Fenomena itulah yang kini mulai kita temukan di Indonesia dengan naiknya harga beberapa komoditas yang kini sedang heboh, di antaranya minyak goreng dan kedelai. Saya memperkirakan, dan telah mengingatkan kepada pemerintah, bahwa dua komoditas yang sekarang naik harganya ini barulah awal dari serangkaian potensi kenaikan harga komoditas-komoditas yang lain. Potensi itu juga akan lebih besar apabila komoditas tersebut terkait dengan perdagangan internasional (ekspor dan impor).
Indonesia tidak sendirian mengalami ini. Berbagai negara di dunia kini sedang mengalami inflasi. Sebagai contoh, inflasi di AS telah pecah rekor mencapai 7% per Desember 2021 yang merupakan angka tertinggi sejak 1982. Bahkan, inflasi per bulan di AS mencapai 0,5%. Negara-negara lain, seperti Singapura dan negara-negara Eropa, pun mengalami kenaikan inflasi masing-masing di kisaran 4%-5%.
Antisipasi ancaman stagflasi
Karena itu, pemerintah dan semua pihak terkait harus bergerak cepat melampaui kurva (to go beyond the curve) ‘mumpung’ inflasi di Indonesia saat ini masih terkendali. Menurut saya, kementerian-kementerian dan lembaga terkait harus segera membentuk tim terpadu untuk melihat langsung ke lapangan berapa tingkat produksi, bagaimana kondisi logistik dan transportasi, serta bila perlu memangkas rantai pasokan dan birokrasi untuk mempermudah dan mempercepat barang sampai di pasar atau di tingkat konsumen.

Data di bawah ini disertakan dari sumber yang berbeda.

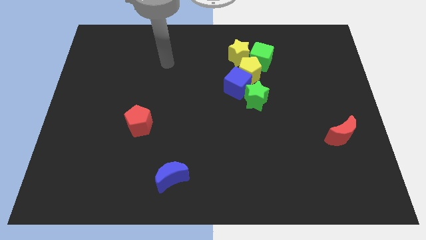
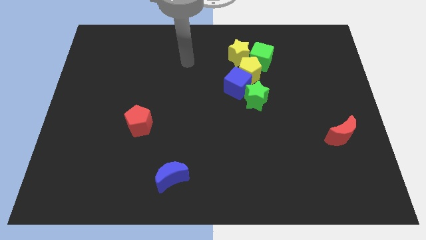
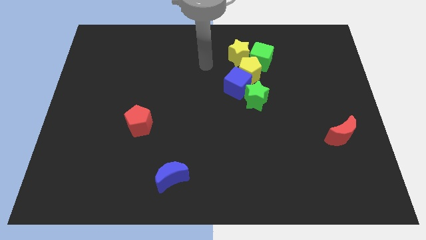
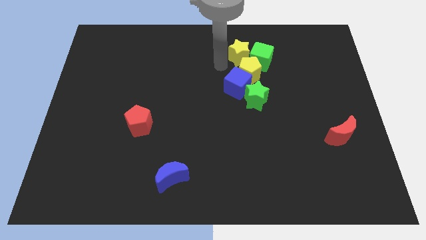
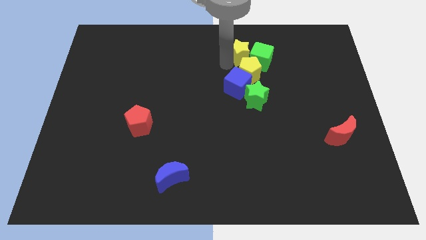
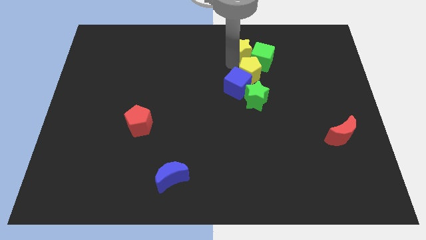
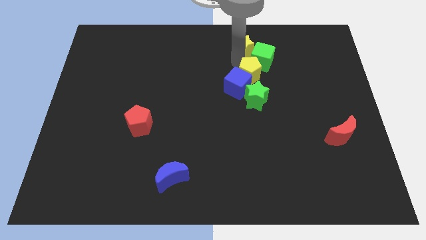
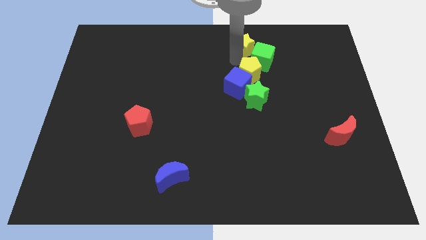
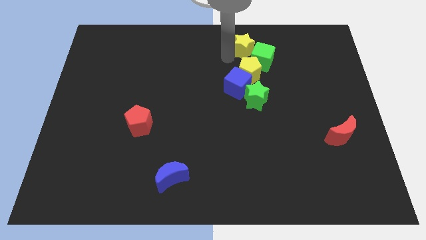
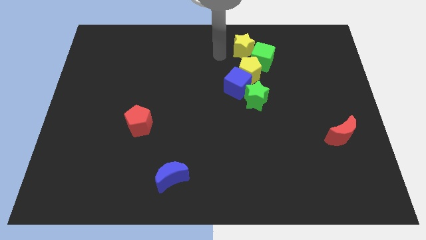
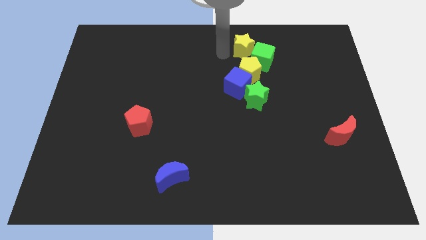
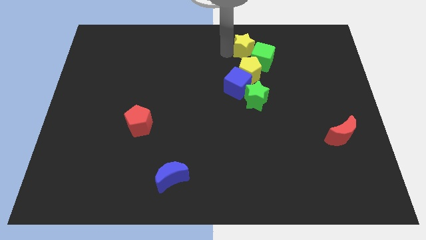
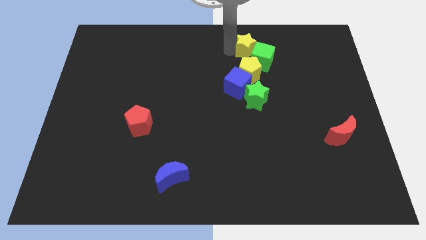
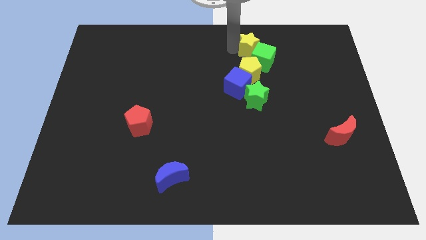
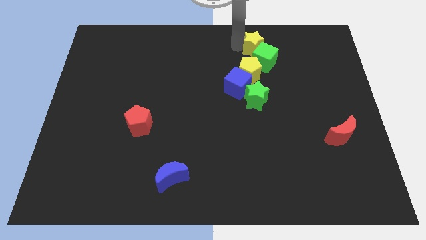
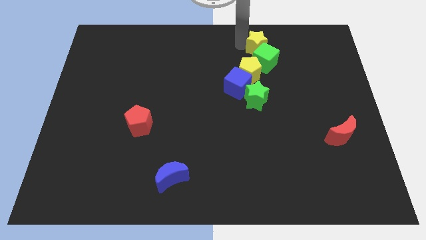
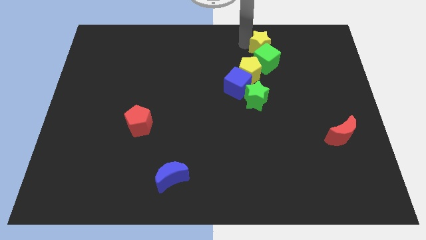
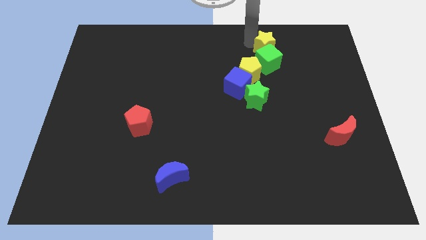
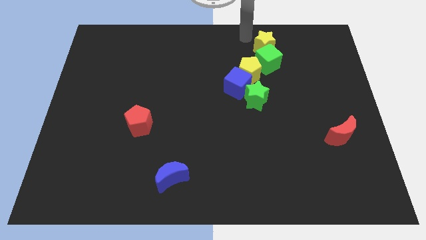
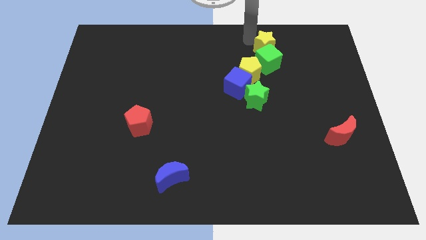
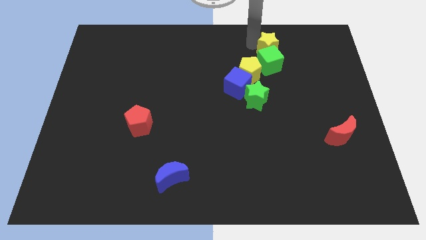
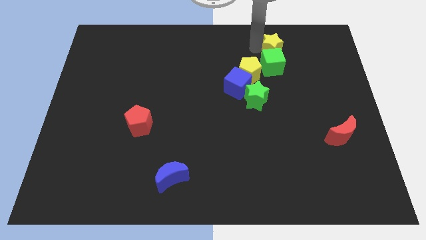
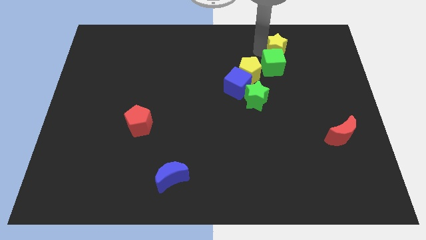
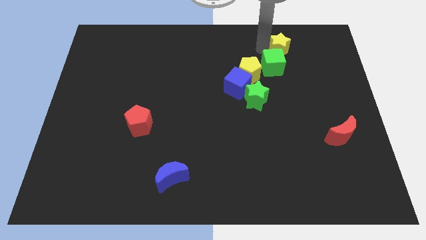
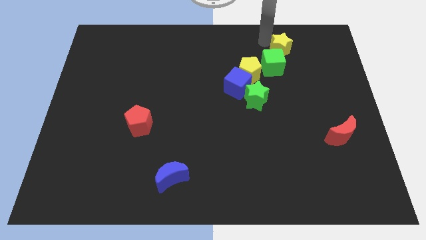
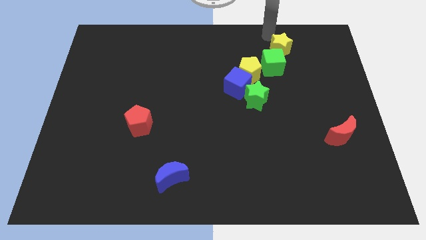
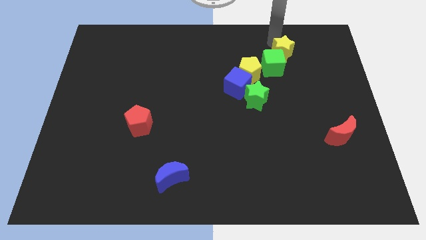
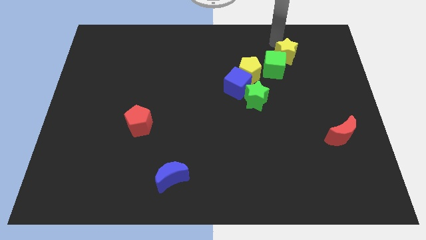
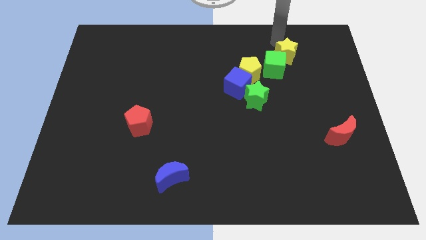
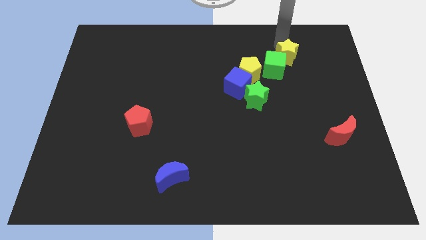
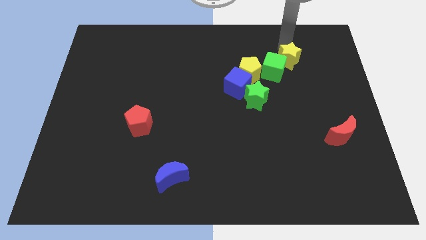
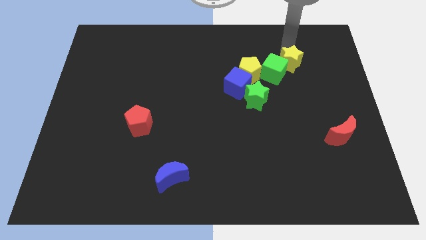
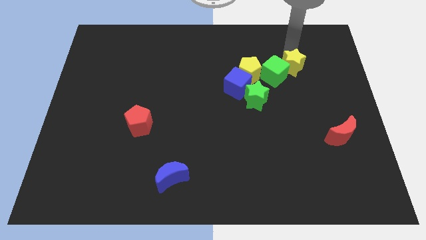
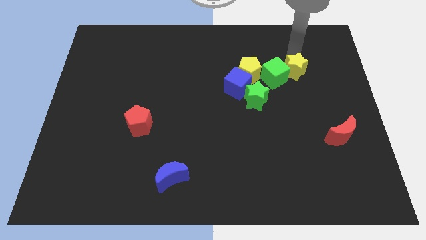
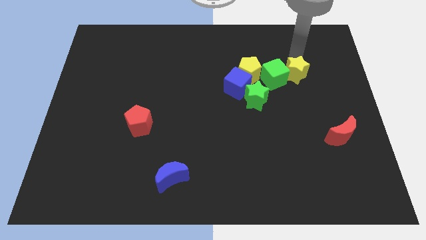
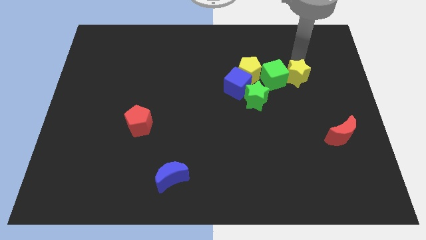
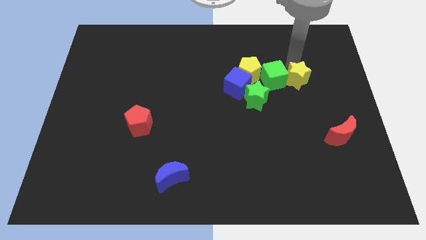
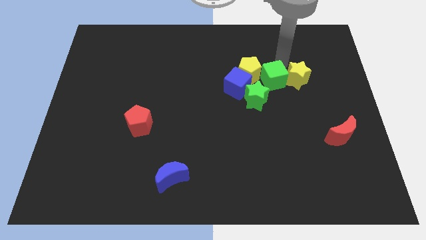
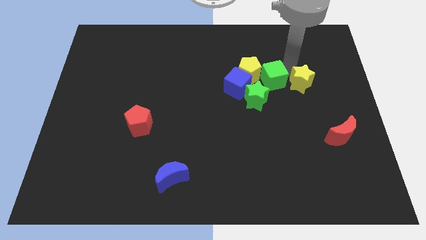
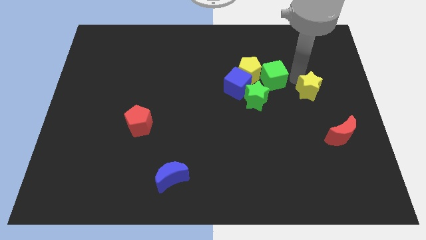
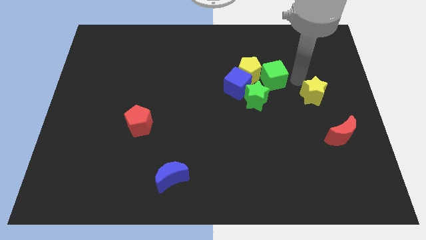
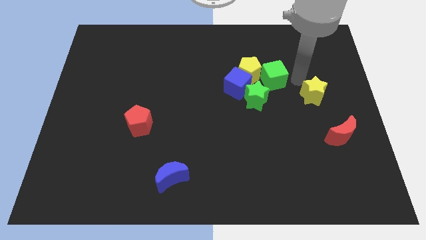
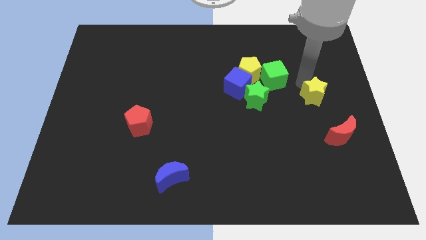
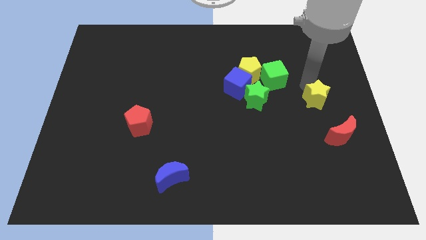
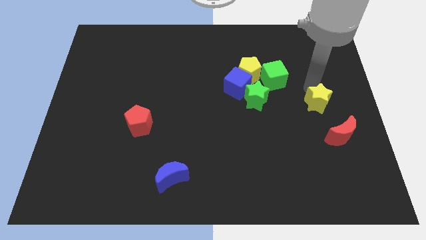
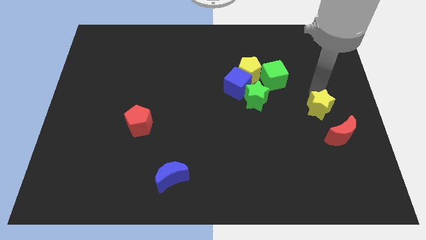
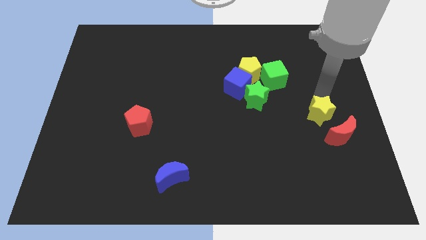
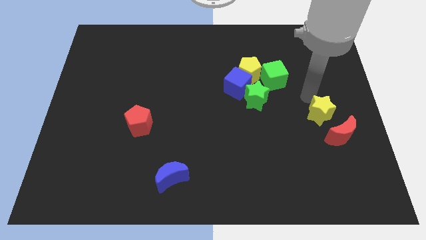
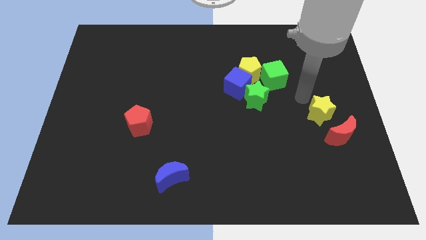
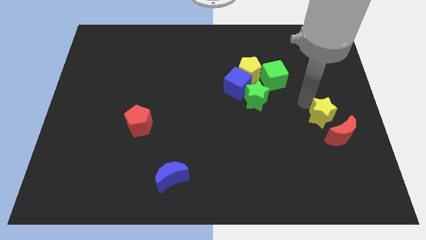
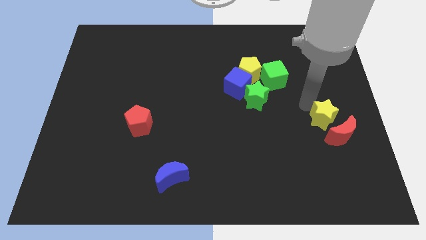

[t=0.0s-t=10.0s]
move the yellow star next to the red moon

Apa dampaknya apabila supply rigidity itu lambat diatasi? Inflasi yang terjadi, apalagi bila meroket, akan ‘memaksa’ otoritas moneter untuk mengendalikannya melalui kenaikan tingkat suku bunga guna menurunkan jumlah uang beredar. Bila itu terjadi, tentu akan memberikan tekanan tambahan baik kepada produsen maupun konsumen, yang akan berlanjut pada melemahnya pertumbuhan ekonomi dan kemudian naiknya angka pengangguran.
Pada situasi ini, kita akan mengalami stagflasi yang menimbulkan dilema kebijakan ekonomi. Kebijakan pengendalian inflasi justru berdampak pada rendahnya pertumbuhan ekonomi, dan naiknya angka pengangguran. Sebaliknya, bila tidak dikendalikan, inflasi itu akan menurunkan daya beli masyarakat yang juga berujung pada melemahnya pertumbuhan ekonomi akibat sisi permintaan yang tertekan.
Kita tentu tidak menginginkan terjadinya stagflasi. Karena itu, langkah terpadu untuk membenahi sisi penawaran sebagaimana dijelaskan di atas harus dilakukan sejak sekarang!
Opini ini telah terbit di Media Indonesia pada Jumat, 25/2/2022.